* DATA TO PROCESS *
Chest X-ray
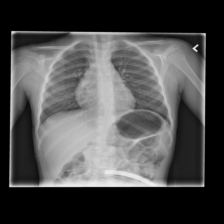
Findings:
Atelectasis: negative
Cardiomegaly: negative
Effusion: negative
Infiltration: negative
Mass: negative
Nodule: negative
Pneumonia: negative
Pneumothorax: negative
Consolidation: negative
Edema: negative
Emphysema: negative
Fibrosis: negative
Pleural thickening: negative
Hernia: negative
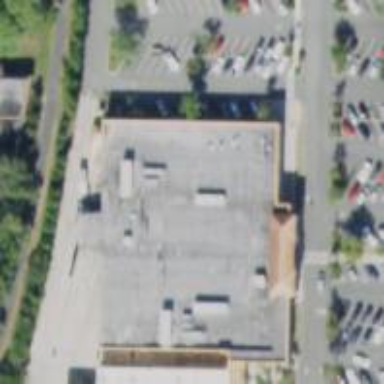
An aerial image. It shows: Supermarket.
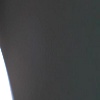
Label: space
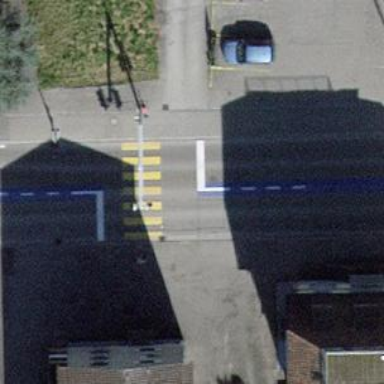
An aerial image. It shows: Traffic signals at road crossing.
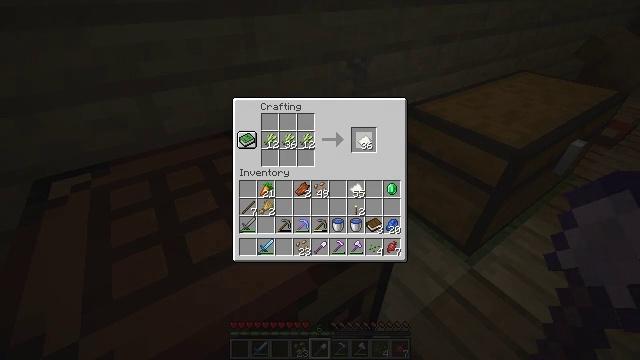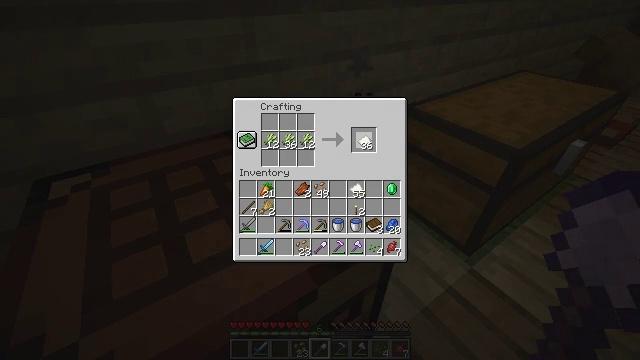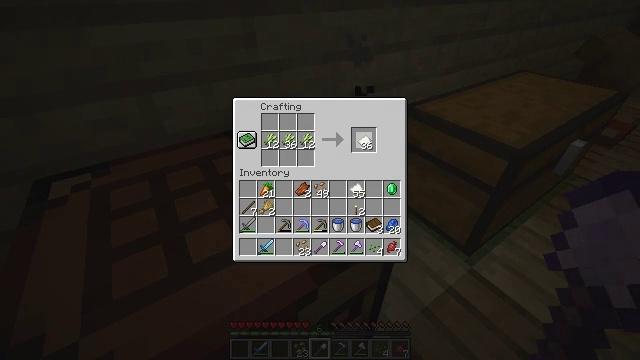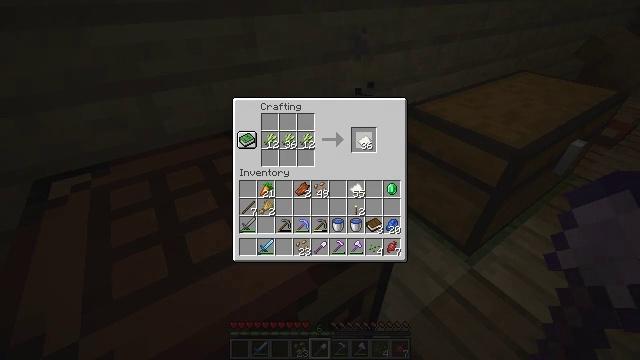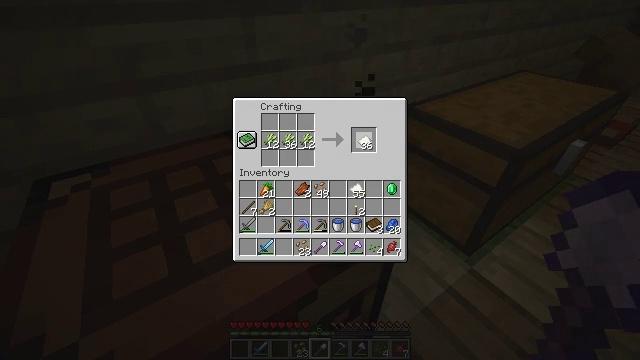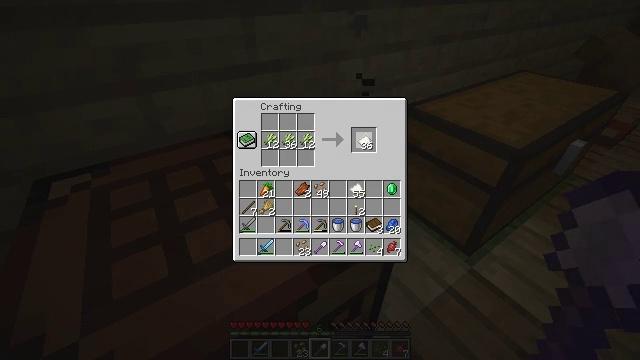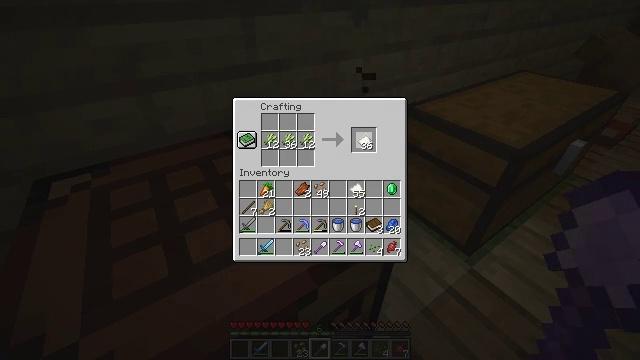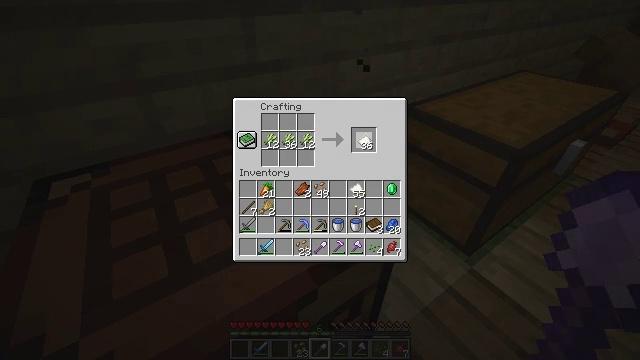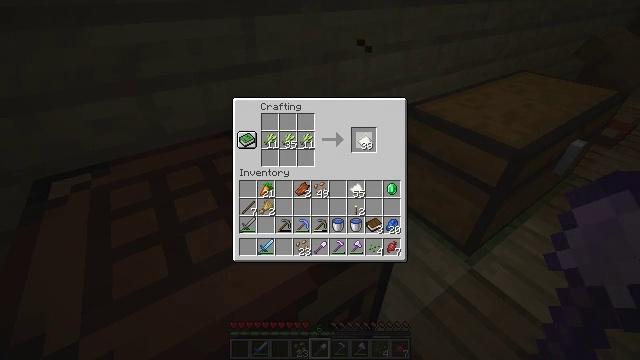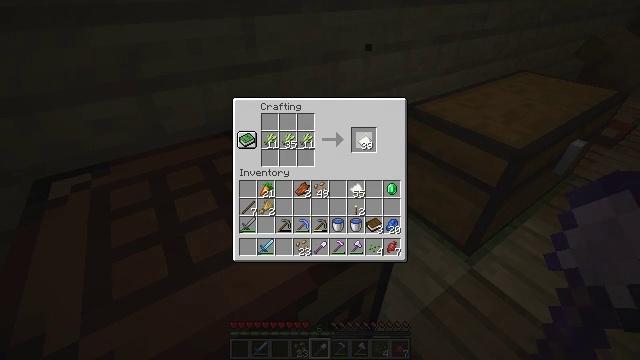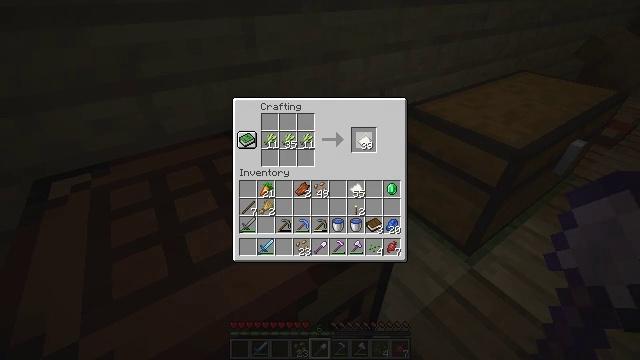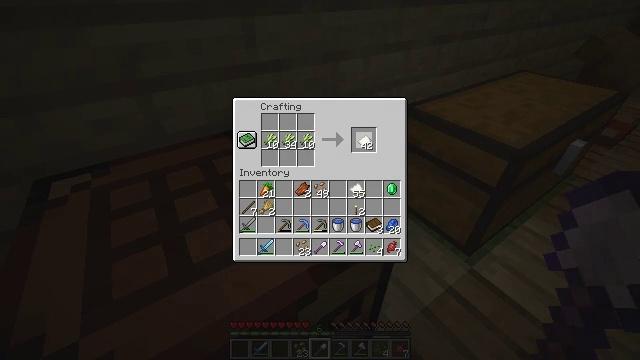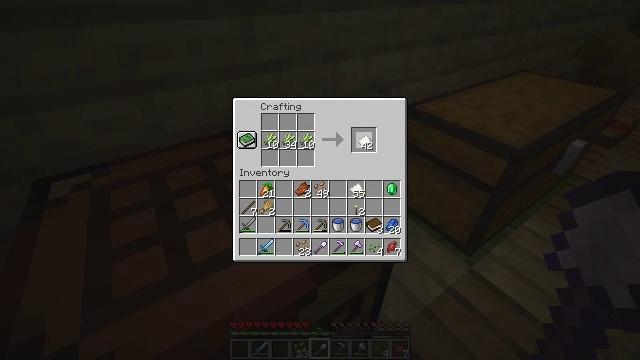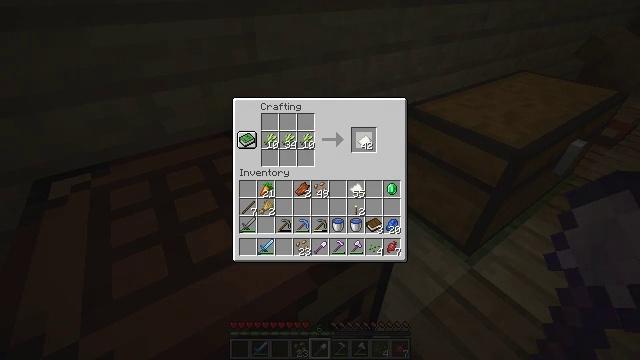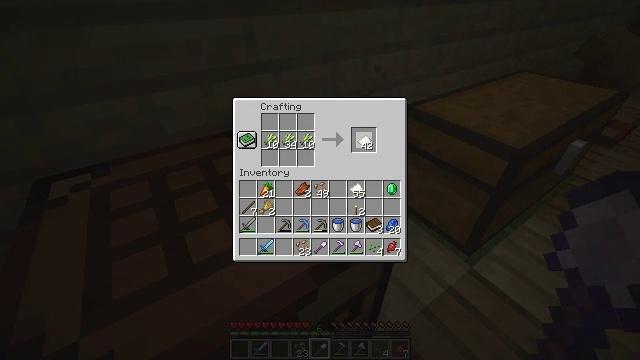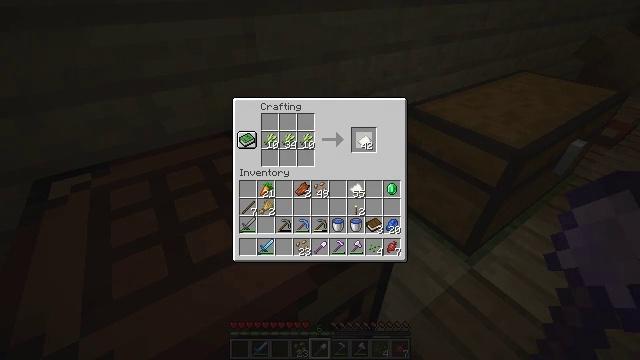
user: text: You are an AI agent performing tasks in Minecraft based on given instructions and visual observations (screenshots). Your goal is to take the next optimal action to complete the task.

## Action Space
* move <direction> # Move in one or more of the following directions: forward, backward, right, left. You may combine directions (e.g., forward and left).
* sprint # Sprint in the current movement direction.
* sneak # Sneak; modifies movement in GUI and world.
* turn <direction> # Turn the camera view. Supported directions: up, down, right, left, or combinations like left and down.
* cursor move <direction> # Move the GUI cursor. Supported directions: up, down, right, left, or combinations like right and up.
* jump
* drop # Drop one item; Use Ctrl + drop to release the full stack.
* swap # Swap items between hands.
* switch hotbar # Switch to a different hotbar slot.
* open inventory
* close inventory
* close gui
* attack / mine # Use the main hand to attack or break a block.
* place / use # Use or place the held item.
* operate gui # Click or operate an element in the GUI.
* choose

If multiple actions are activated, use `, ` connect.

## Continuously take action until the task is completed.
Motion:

* TASK DIRECTIONS *
In the entries above, identify every line with the string "combinations".

* REPLY TO THE TASK *
* turn <direction> # Turn the camera view. Supported directions: up, down, right, left, or combinations like left and down.
* cursor move <direction> # Move the GUI cursor. Supported directions: up, down, right, left, or combinations like right and up.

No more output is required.